Module Proxy & Checksum Database — Professional Level¶
Table of Contents¶
- Introduction
- The GOPROXY Protocol, Byte by Byte
- Resolution Algorithm and Fall-Forward Semantics
- The
h1:Hash Algorithm in Detail - The Checksum Database Protocol (
/sumdb/) - Merkle Tree, Tiles, and Signed Tree Heads
- Inclusion and Consistency Proof Verification
- The Module Cache as a Servable Proxy
- Building a Minimal Proxy
- Programmatic Access:
x/mod,go mod download -json - Hermetic and Air-Gapped Builds
- Performance Profile
- Edge Cases the Source Reveals
- Operational Playbook
- Summary
Introduction¶
The professional level treats the module proxy and checksum database not as services you configure but as protocols you can implement, verify, and operate. The proxy protocol is small enough to serve from a static file tree; the sumdb protocol is a tile-based Merkle transparency log you can verify offline given cached tree state. Misunderstanding either leads to opaque CI failures, broken air-gapped mirrors, or — worse — silently disabled integrity verification.
This file is for engineers who run private proxies, build module-aware tooling, operate hermetic build farms, or own the correctness of supply-chain integrity. After reading you will:
- Know the exact wire format of every proxy endpoint, including escaping.
- Reason about the resolution and fall-forward algorithm precisely.
- Compute and verify the
h1:hash yourself. - Understand the sumdb's tile-based log, STHs, and the two proof types.
- Serve the module cache as a proxy and build a minimal one.

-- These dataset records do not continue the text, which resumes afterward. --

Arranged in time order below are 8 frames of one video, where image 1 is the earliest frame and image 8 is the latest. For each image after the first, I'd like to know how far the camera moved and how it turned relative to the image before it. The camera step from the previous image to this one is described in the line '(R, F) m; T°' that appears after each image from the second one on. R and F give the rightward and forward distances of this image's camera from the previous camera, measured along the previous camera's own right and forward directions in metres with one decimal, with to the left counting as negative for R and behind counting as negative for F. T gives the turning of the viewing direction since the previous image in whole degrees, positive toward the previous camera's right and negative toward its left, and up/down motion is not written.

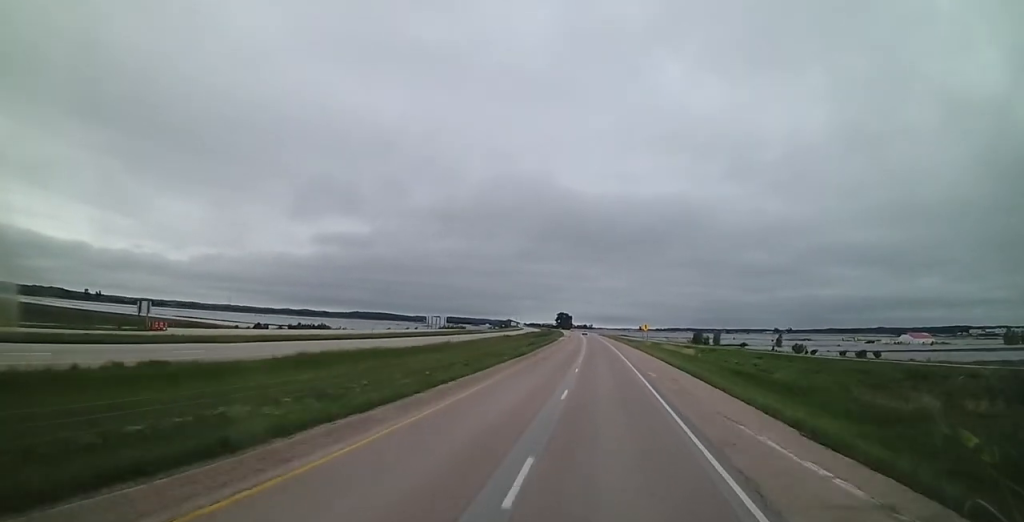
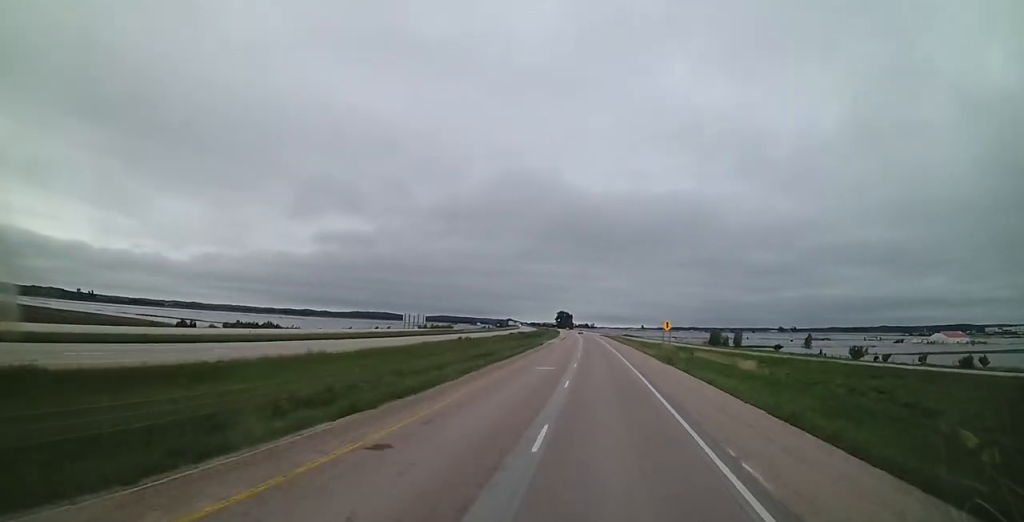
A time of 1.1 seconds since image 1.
(-0.1, +32.9) m; 0°
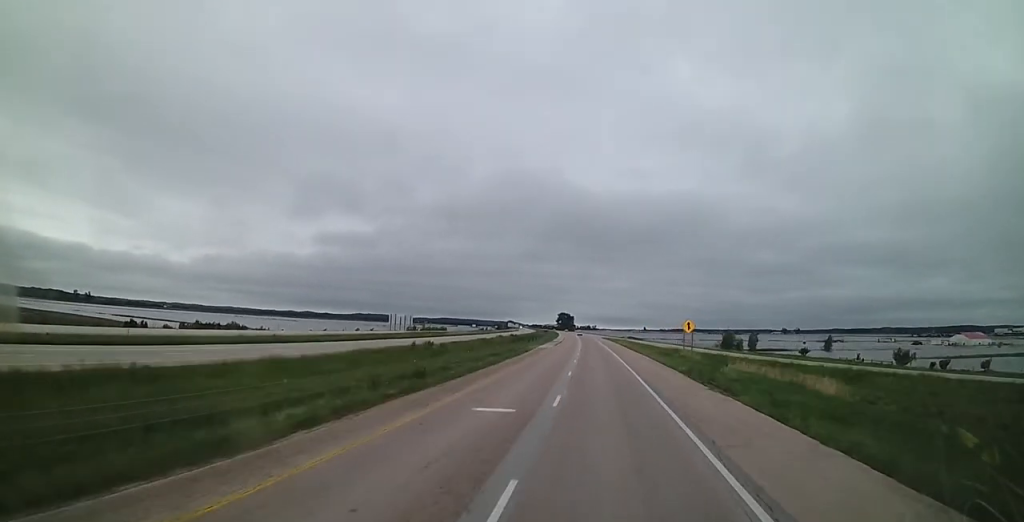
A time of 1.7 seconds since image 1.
(0.0, +17.4) m; 0°
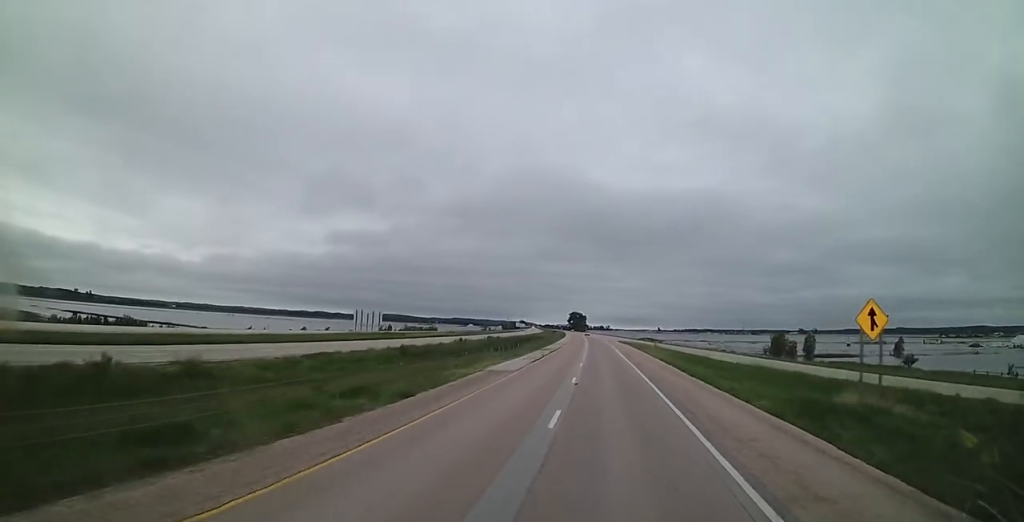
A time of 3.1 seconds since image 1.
(-0.1, +40.5) m; 0°
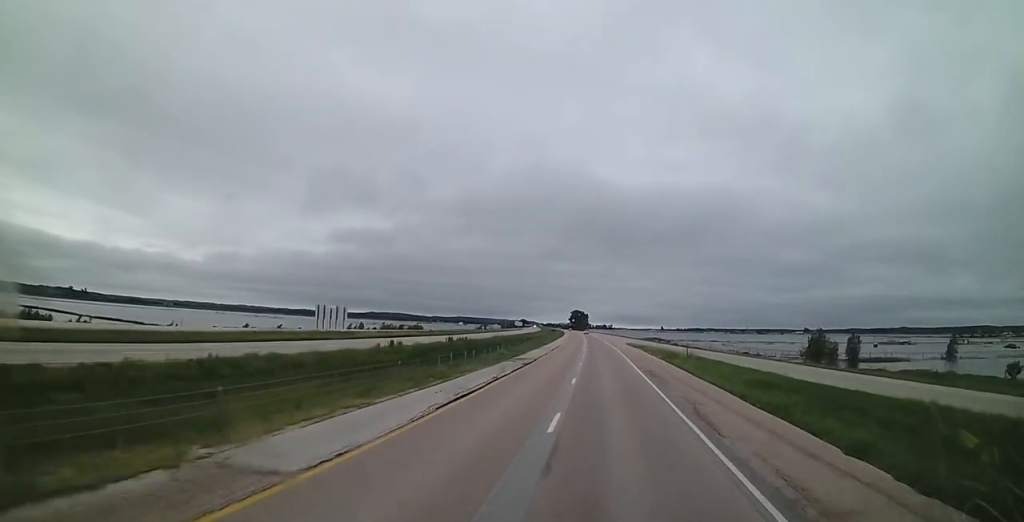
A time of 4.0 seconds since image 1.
(+0.1, +25.1) m; 0°
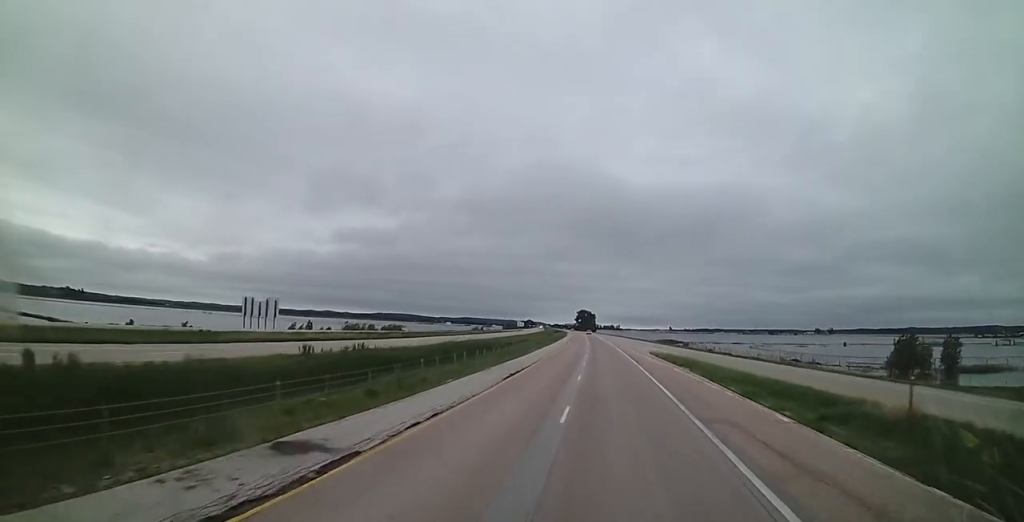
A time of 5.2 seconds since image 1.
(-0.4, +34.8) m; -2°
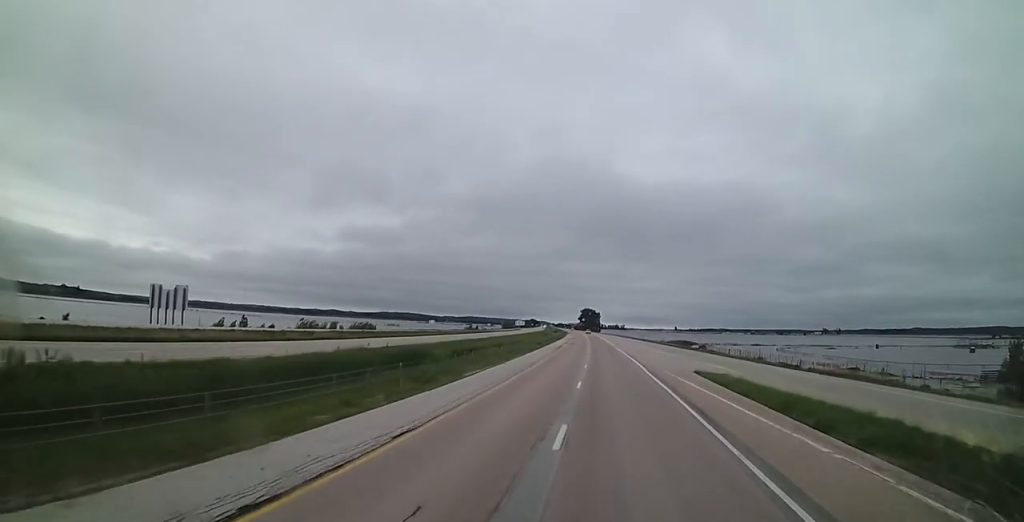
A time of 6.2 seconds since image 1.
(-0.4, +28.1) m; 0°
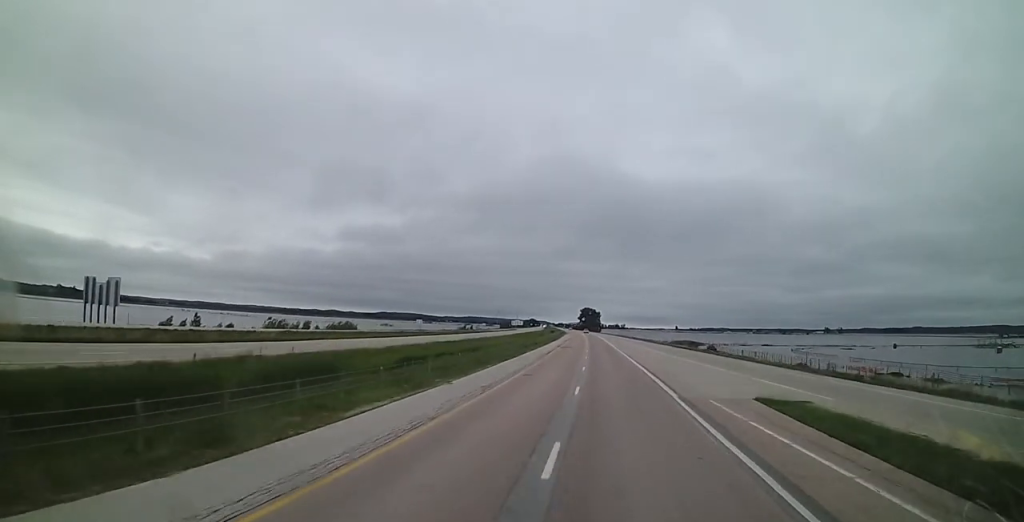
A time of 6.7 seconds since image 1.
(+0.1, +14.5) m; 0°

- Operate fully hermetic, offline-verifiable builds.
The proxy is "just HTTP GETs returning files." The sumdb is "just a Merkle log." Knowing exactly where the complexity sits — in the hash construction and the proof verification, not in the transport — is the professional insight.
The GOPROXY Protocol, Byte by Byte¶
A proxy is an HTTP server rooted at some base URL $GOPROXY. For a module path M and version V, all requests are GETs:
GET $base/<esc(M)>/@v/list
GET $base/<esc(M)>/@v/<esc(V)>.info
GET $base/<esc(M)>/@v/<esc(V)>.mod
GET $base/<esc(M)>/@v/<esc(V)>.zip
GET $base/<esc(M)>/@latest
Escaping (esc)¶
Module paths and versions can contain uppercase ASCII letters, but the protocol must work on case-insensitive filesystems. The encoding: each uppercase letter X is replaced by !x (a bang followed by its lowercase form).
github.com/Masterminds/semver/v3 → github.com/!masterminds/semver/v3
gopkg.in/yaml.v2 → gopkg.in/yaml.v2 (no change)
The same escaping applies to versions, though versions rarely contain uppercase. This is module.EscapePath / module.EscapeVersion in golang.org/x/mod/module.
Response formats¶
| Endpoint | Body | Notes |
|---|---|---|
list | One version per line, \n-separated, tagged releases only. May be empty. Pseudo-versions and +incompatible excluded. | Order is unspecified; clients sort. |
.info | JSON object. Minimum: {"Version":"v1.6.0","Time":"2024-01-12T20:25:00Z"}. May include Origin metadata. | Used to resolve queries (@latest, @v1, commit hashes). |
.mod | The verbatim go.mod file for that version. For modules without a go.mod (legacy), a synthesized one. | Hashed into the /go.mod go.sum line. |
.zip | A zip with a canonical layout: every file under M@V/.... | Hashed into the h1: go.sum line (see below). |
@latest | JSON like .info, for the version Go picks when no version is given. | Optional; if absent, Go falls back to list. |
Status codes¶
- 200 — success.
- 404 / 410 — module or version not found. Triggers fall-forward to the next proxy on a comma list.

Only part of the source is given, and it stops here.